Again: Wow. The outrageousness of Fox’s suggestion becomes more apparent when you realize that in the previous breaths, Fox made two other, ultimately contradicting arguments:

• That kids need their straight parents, and that gay marriage would have the effect of “depriv(ing) a child of access to the comfort of their creators.” That phrasing suggests, somehow, that gay and lesbian couples would be able to take healthy children out of loving, straight relationships — but nobody believes that, do that, do they? Fox acknowledges that straight and homosexual couples, as well as individuals, do adopt children because “the focus is attempting to provide an adequate environment for a child in non-ideal circumstances” — but he doesn’t explain how merely being “adequate” parents is an argument against the recognition of gay marriage.

• Actually, Fox says, we don’t know enough about whether gay and lesbian couples are good parents or not. It’s a nice little bit of Catch-22 logic: We can’t have gay marriage because we don’t have studies on its effects. But we can’t have studies on its effects if we don’t have gay marriage. Sorry, gay folks! Guess we’ll just have to skip the gay marriage!.

 OK, maybe I’m over-interpreting. Here’s what Fox actually writes:

Gay marriage “has not existed for even a single generation, so there can be no significant, longitudinal social-science data regarding its large-scale, long-term effects upon children, families, governments, economies, and societies over generations. … The Commonwealth’s cautious approach to this novelty, like any other, is inherently rational.”

Maybe.

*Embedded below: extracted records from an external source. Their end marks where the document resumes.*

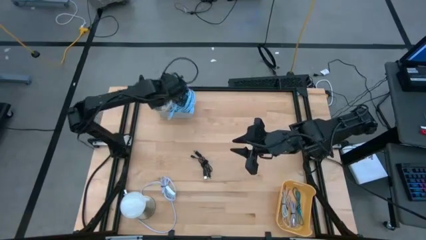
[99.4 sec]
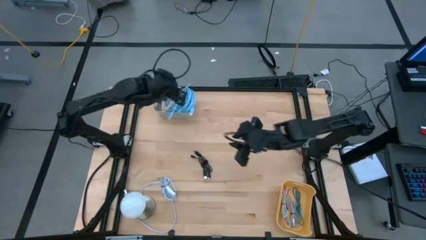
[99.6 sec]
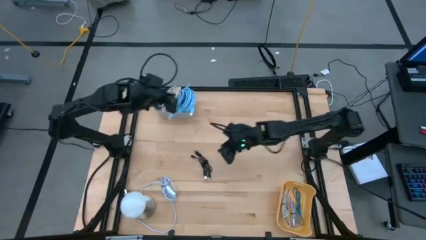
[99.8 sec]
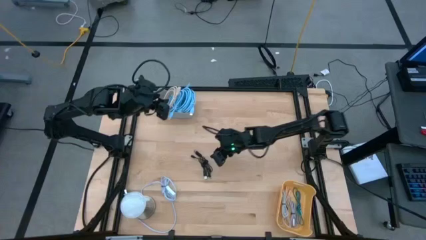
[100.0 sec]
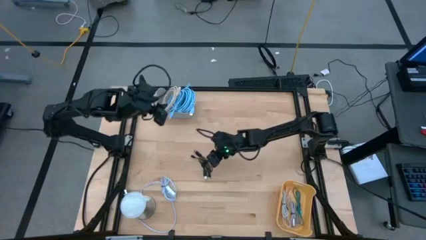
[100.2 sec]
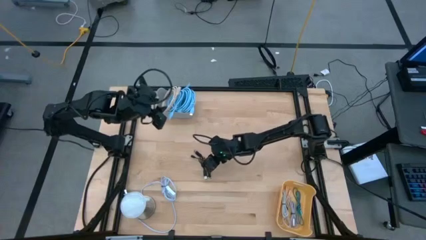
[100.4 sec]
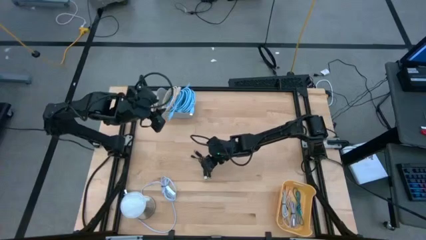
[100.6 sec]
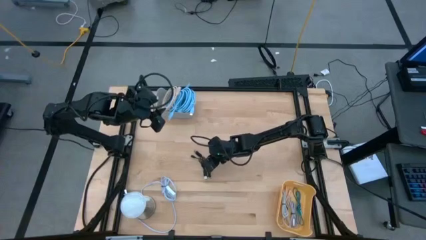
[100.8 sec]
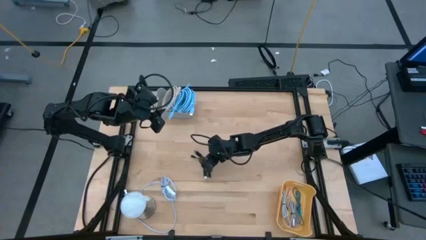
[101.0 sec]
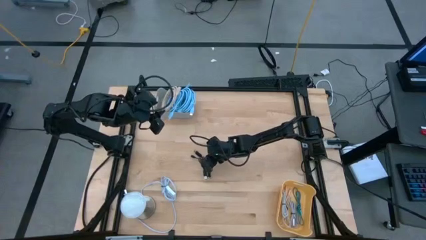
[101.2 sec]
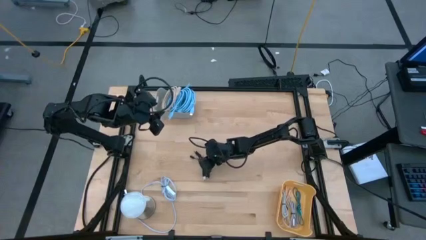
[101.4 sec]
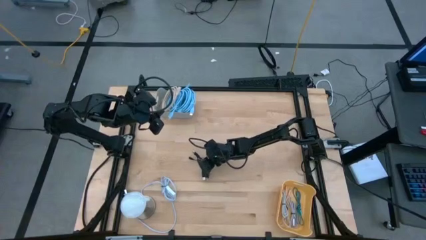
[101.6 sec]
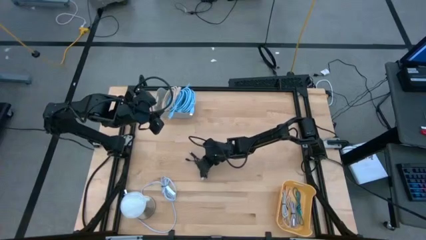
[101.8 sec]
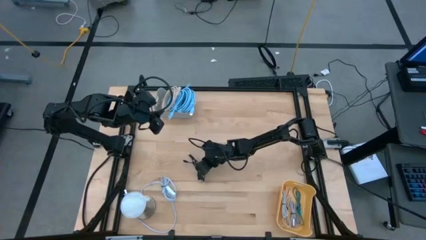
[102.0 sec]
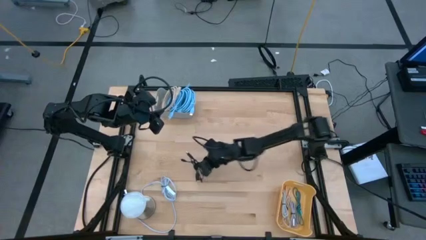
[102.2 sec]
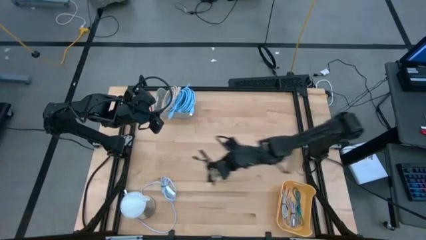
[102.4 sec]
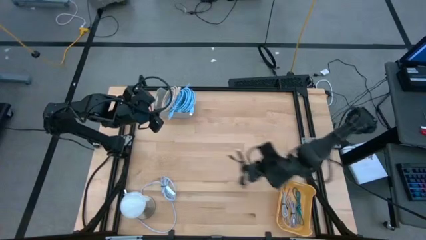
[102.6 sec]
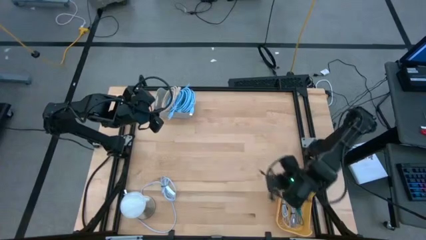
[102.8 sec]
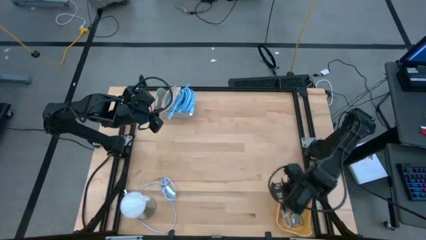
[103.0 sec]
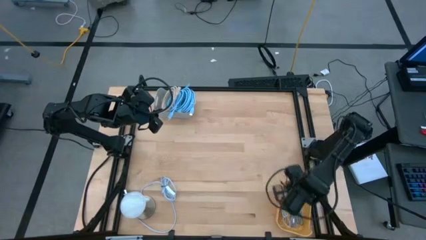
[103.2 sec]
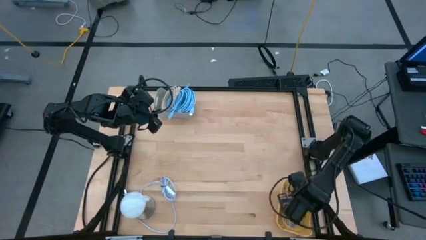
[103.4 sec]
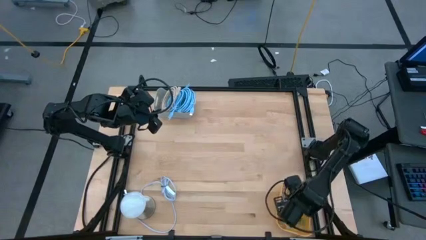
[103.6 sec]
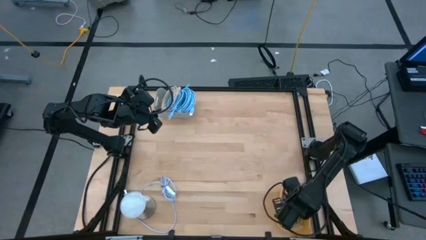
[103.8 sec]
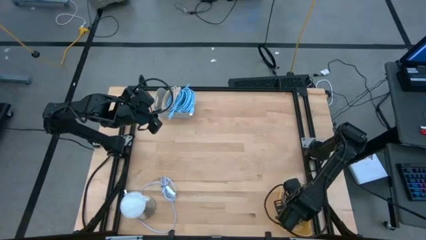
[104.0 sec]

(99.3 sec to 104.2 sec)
Task: Pick & Place USB Port
Put the black charger cable into the yellow bin

But to sum up, Fox’s argument is this:

  • That gay parents aren’t as good as straight parents, thus gay marriage should be denied.
  • That actually, we don’t know enough about gay marriage to know its effects on children or society, thus gay marriage should be denied.
  • That, wait a second, maybe we do know about gay marriage’s effects on kids — they’re good! — thus gay marriage should be denied.

It may be possible — barely, in the case of the last bullet point — to believe one of those three arguments. It may be even be possible to believe two of them at the same time. There’s no way to believe all three together, however. It’s a combination of innuendo and a have-your-cake-and-eat-it-too-ism that shouldn’t work … but sometimes does.

The anti-marriage-equality folks, it seems, don’t have much left that they can rely on. Nathan Fox’s brief they’re going to see how far they can get on sheer chutzpah.